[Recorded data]
* * * * * * * * *
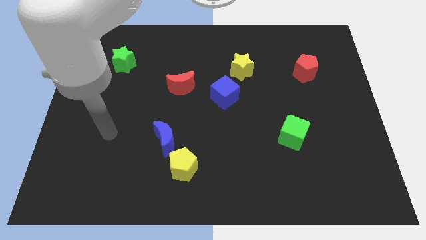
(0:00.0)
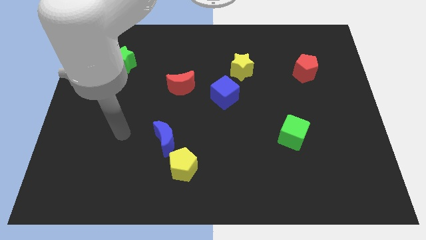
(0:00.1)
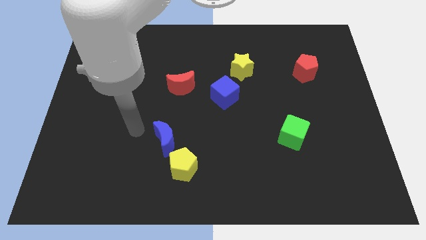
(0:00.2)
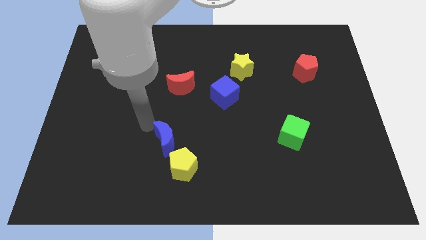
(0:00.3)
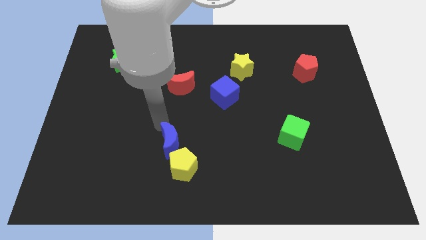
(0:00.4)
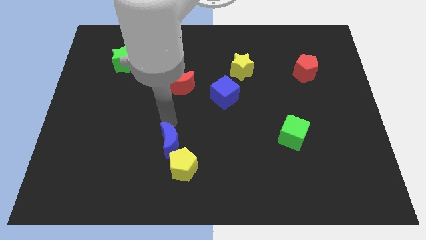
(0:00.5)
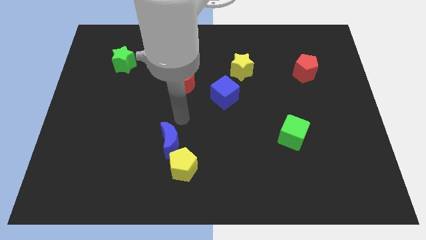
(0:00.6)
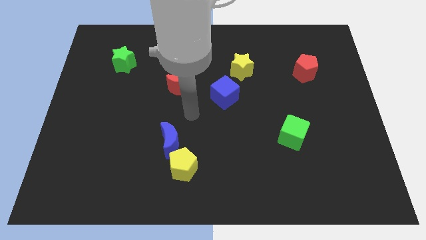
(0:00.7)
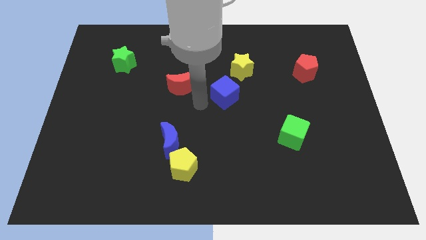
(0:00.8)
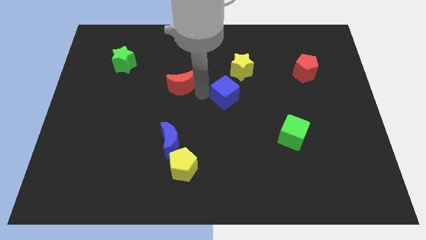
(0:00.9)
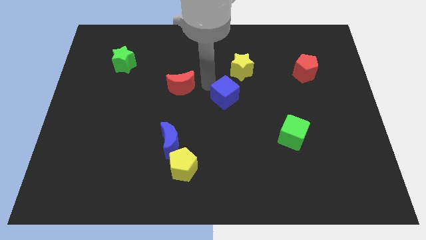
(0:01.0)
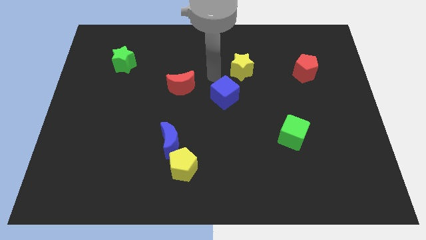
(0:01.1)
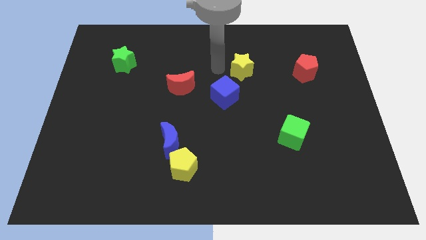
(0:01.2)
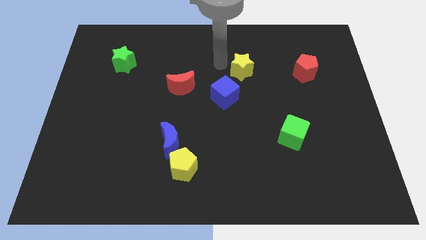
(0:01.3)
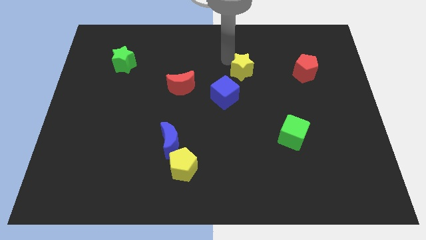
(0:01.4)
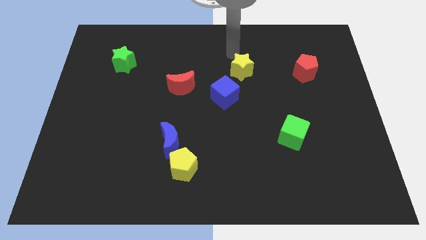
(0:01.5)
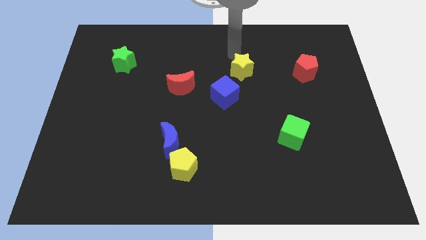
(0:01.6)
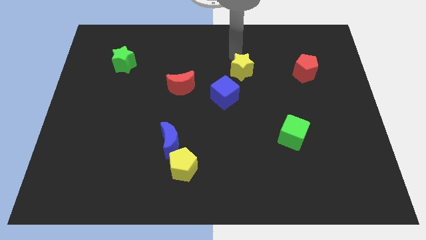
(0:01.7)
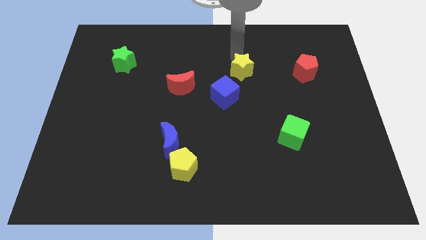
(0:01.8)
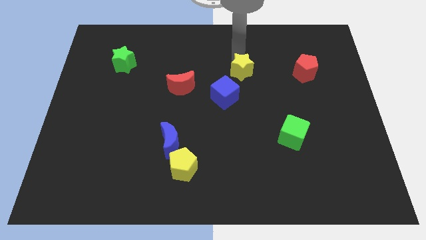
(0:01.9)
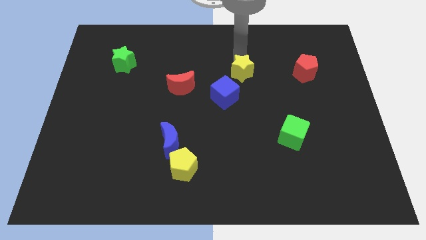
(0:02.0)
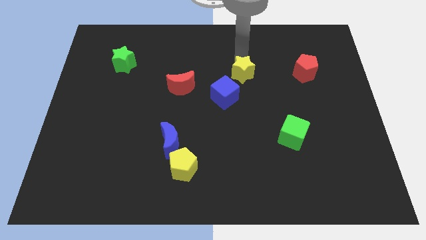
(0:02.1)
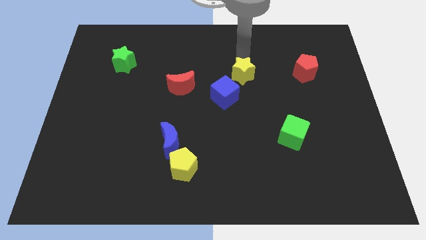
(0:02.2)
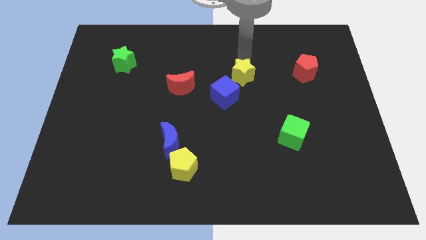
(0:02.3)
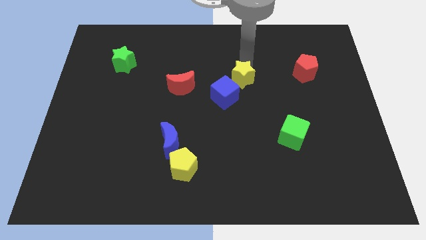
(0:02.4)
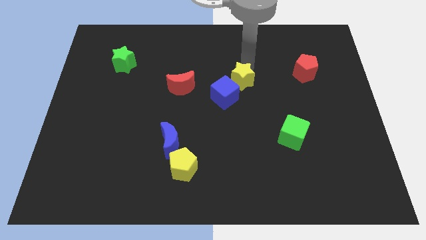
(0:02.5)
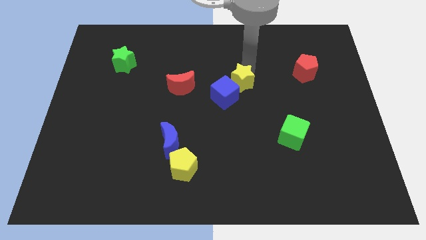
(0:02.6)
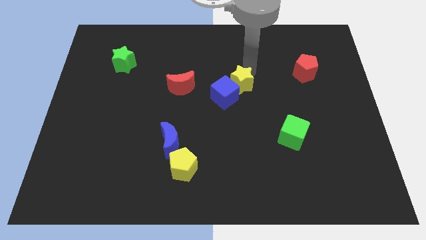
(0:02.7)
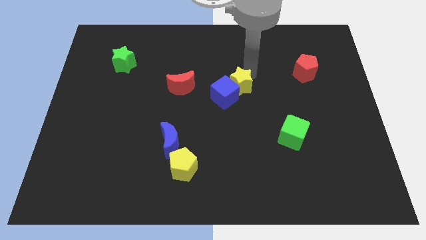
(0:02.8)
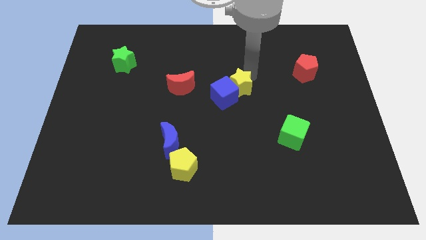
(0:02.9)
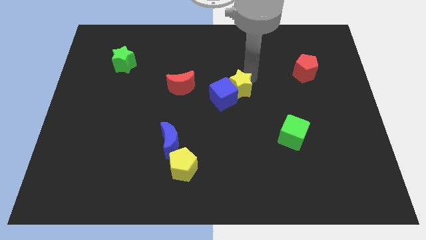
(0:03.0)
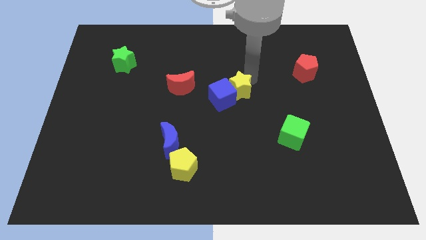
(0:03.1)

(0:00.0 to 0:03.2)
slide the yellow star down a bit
* * * * * * * * *
TASK INSTRUCTIONS: Type out the data above again exactly as written, minus the images.

OUTPUT FOR THIS EXERCISE:
(0:00.0)
(0:00.1)
(0:00.2)
(0:00.3)
(0:00.4)
(0:00.5)
(0:00.6)
(0:00.7)
(0:00.8)
(0:00.9)
(0:01.0)
(0:01.1)
(0:01.2)
(0:01.3)
(0:01.4)
(0:01.5)
(0:01.6)
(0:01.7)
(0:01.8)
(0:01.9)
(0:02.0)
(0:02.1)
(0:02.2)
(0:02.3)
(0:02.4)
(0:02.5)
(0:02.6)
(0:02.7)
(0:02.8)
(0:02.9)
(0:03.0)
(0:03.1)

(0:00.0 to 0:03.2)
slide the yellow star down a bit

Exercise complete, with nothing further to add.